A person with an undetectable viral load cannot sexually transmit HIV. This principle, known as Undetectable equals Untransmittable (U=U), is backed by large clinical studies and endorsed by major public health agencies worldwide.
But treatment cannot eliminate the virus entirely, and this is because of a biological feature called the latent reservoir. When HIV integrates its DNA into a resting CD4 cell, that cell may sit dormant for years, neither producing new virus nor displaying any signs of infection on its surface. The immune system doesn’t recognize these cells as threats, and because the virus isn’t actively replicating inside them, medications have no effect. These silent carriers persist throughout the body, including in the central nervous system, lymph nodes, and genital tract. If a person stops taking their medication, these dormant cells can reactivate and begin producing virus again, causing viral levels to rebound.
How HIV Spreads Between People
HIV transmission begins at mucosal surfaces, the thin tissue lining the genital tract, rectum, and mouth. When the virus reaches these surfaces, it can cross the tissue barrier through several routes, though none are particularly efficient. Studies using cultured genital tissue found that less than 0.02% of an initial amount of virus successfully passed through the epithelial layer directly. The low per-exposure transmission rate of HIV reflects this biological bottleneck.

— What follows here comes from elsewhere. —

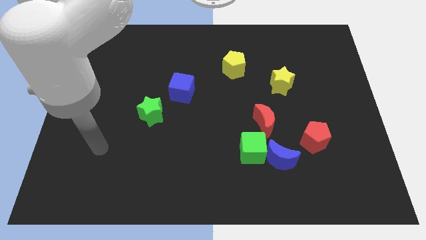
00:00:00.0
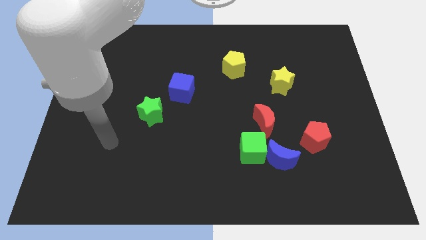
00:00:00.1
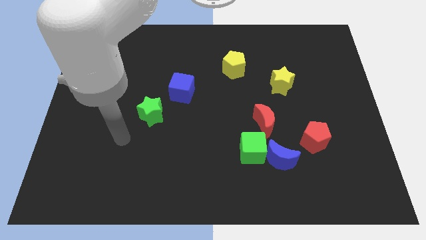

What makes transmission possible are the immune cells stationed just beneath the mucosal surface. Dendritic cells, including a type called Langerhans cells, patrol this area and can capture the virus. In human skin tissue studies, Langerhans cells accounted for more than 95% of HIV spread from the initial site of exposure. These cells carry the virus to nearby lymph nodes, where they pass it to the large populations of CD4 T cells concentrated there. Once the virus reaches the lymph nodes, robust replication begins and infection is established.
How Testing Detects the Virus
Different HIV tests look for different biological signals, and the type of test determines how soon after exposure it can detect infection. The earliest marker is a viral protein called p24, which appears in the blood before the immune system has produced any antibodies. Lab-based tests that look for both p24 antigen and antibodies using blood drawn from a vein can detect HIV as early as 18 to 45 days after exposure. The same type of test done with a finger stick has a window of 18 to 90 days.
Nucleic acid tests, which look for the virus’s genetic material directly, can detect infection as early as 10 to 33 days after exposure, making them the fastest option. Antibody-only tests, which include most rapid tests and home self-tests, require 23 to 90 days to produce a reliable result. Testing before these windows have passed can produce a false negative even if the virus is present.